President Obama also raised the top short-term capital gains tax rate from 35% to 39.6%. He raised the top long-term capital gains tax rate from 15% to 20%. He raised the top tax on dividends from 15% to 39.6%. (There is also an additional 3.8% tax on dividends to pay for Obamacare.) And he raised the estate tax rate from 35% to 45%.

You have to give the government high marks for thoroughness. They tax you when you earn it, when you save it, when you invest it and when you spend it. When you die, they tax what's left over.

Any questions?

Fortunately, you have a legal right to minimize what the government takes.

Only What the Law Demands

As Judge Learned Hand famously wrote, "Any one may so arrange his affairs that his taxes shall be as low as possible; he is not bound to choose that pattern which will best pay the Treasury; there is not even a patriotic duty to increase one's taxes... Over and over again courts have said that there is nothing sinister in so arranging one's affairs as to keep taxes as low as possible. Everybody does so, rich or poor; and all do right, for nobody owes any public duty to pay more than the law demands."
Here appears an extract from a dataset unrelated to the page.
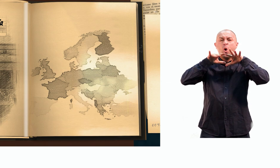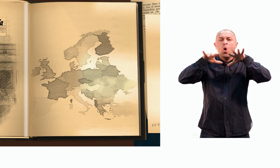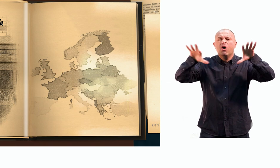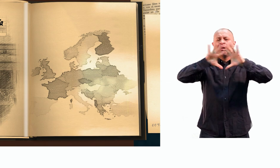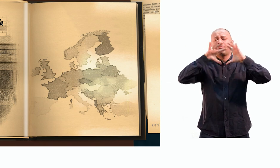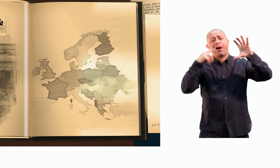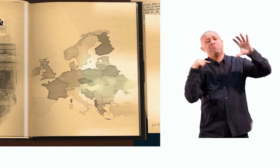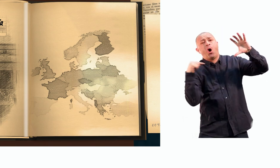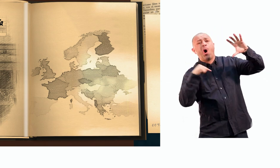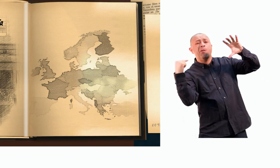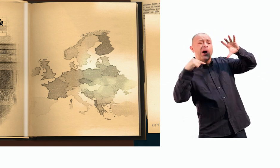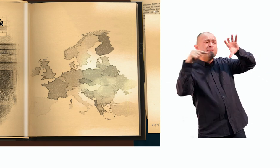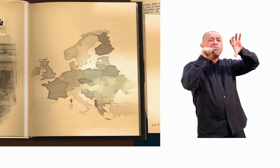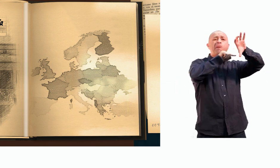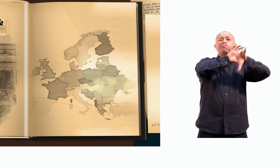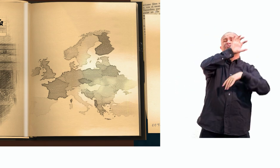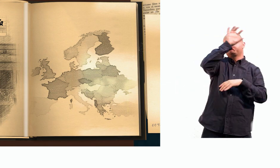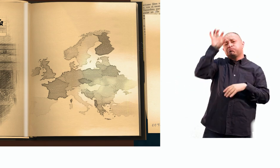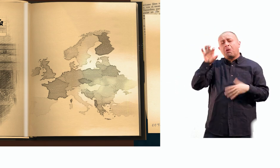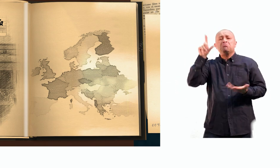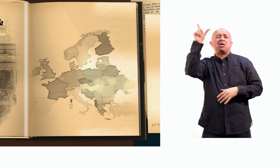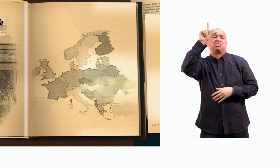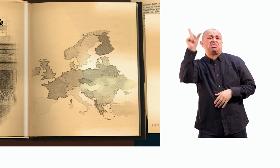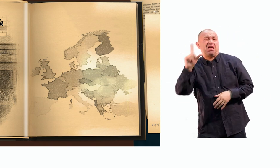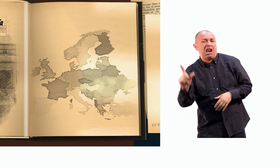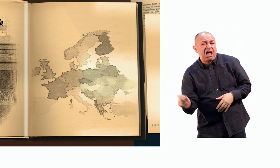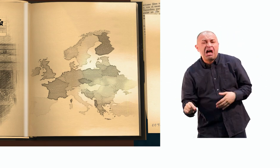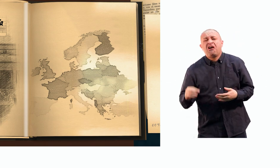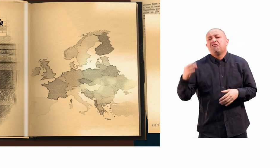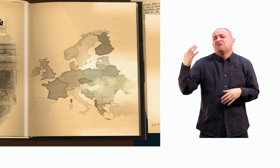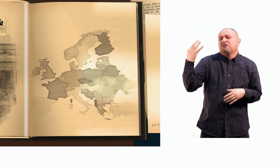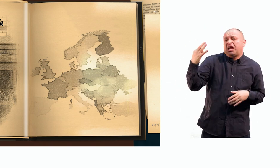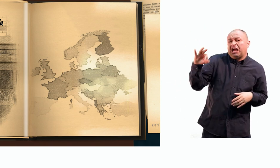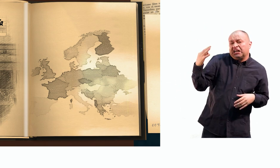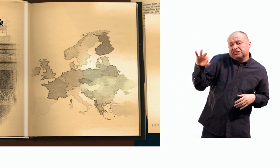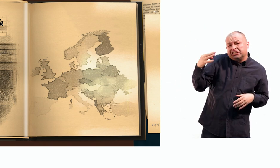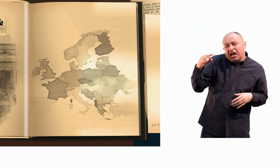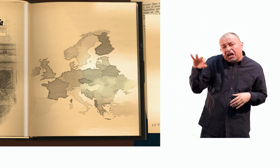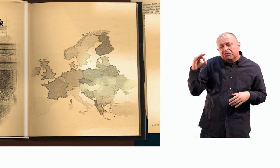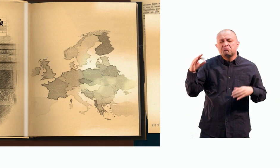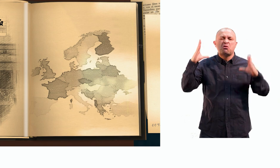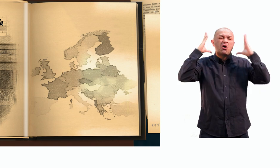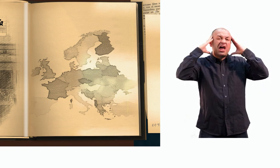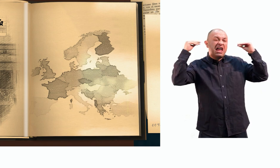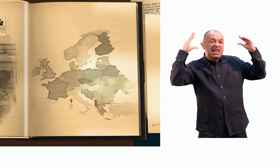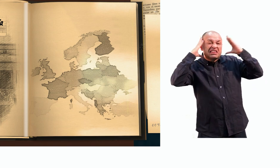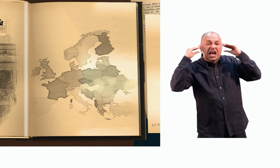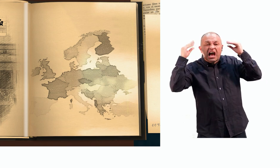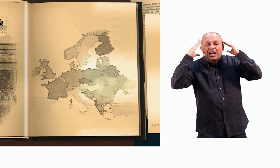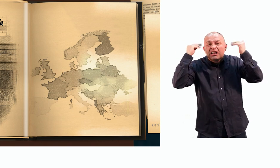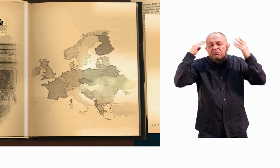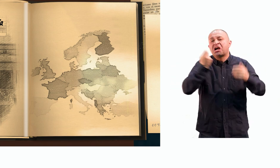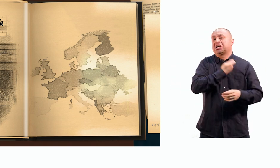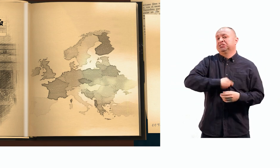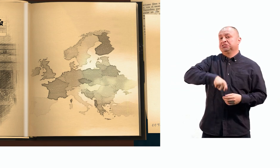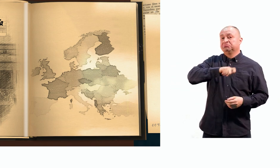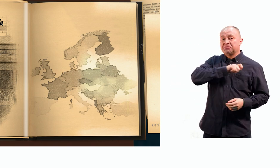extendió por otros países de Europa, como Austria, Italia, Suiza, Holanda y también España,

So what steps should you take? Start by tax-managing your portfolio. That means taking these five specific steps:

  1. Outside your retirement accounts, shift all or most of your Treasury and corporate bonds to municipal bonds. They will compound tax-free.

  1. Do your short-term trading in your IRA or other qualified retirement accounts. That way, instead of paying taxes of up to 39.6% on realized gains, your money will grow tax-deferred.

  1. Outside your retirement account, hold your stocks for 12 months or more to qualify for more favorable long-term capital gains tax treatment.

  1. Hold your tax-efficient assets - like individual stocks, ETFs and index funds - in your non-retirement accounts. Hold your tax-inefficient investments - like bonds, real estate investment trusts (REITs) and high dividend paying stocks - in your retirement account. This minimizes the annual tax bite from the IRS.

  1. At the end of each year, take capital losses to offset realized capital gains. (You can buy the same securities back after 30 days.) And when possible, take an additional $3,000 in losses against earned income. Any unused losses can be carried forward for use in future years.

The Oxford Club's Pillar One Advisor Mike Kuschmann suggests another effective tax-saving idea: investing in fine art and giving it to a charity.

The 1995 Tax Act allows you to donate works of art at their fair market value, not at their cost basis. (The IRS requires you to hold these items for one year in order to donate them at their assessed value.) And you don't need a lot of money to get started.

Mike is a former lecturer at the Stanford Business School and President of Fine Arts Limited. (He has also authored two books on investing in art.) For more information, feel free to call him at 800-229-4322 or 407-702-6638. He'll send you a complimentary brochure pack, detailing his services and the tax savings available.

The important thing is to recognize and take advantage of the incentives built into the tax code. The savings can be substantial.

Remember, it's not how much you make. It's how much you keep.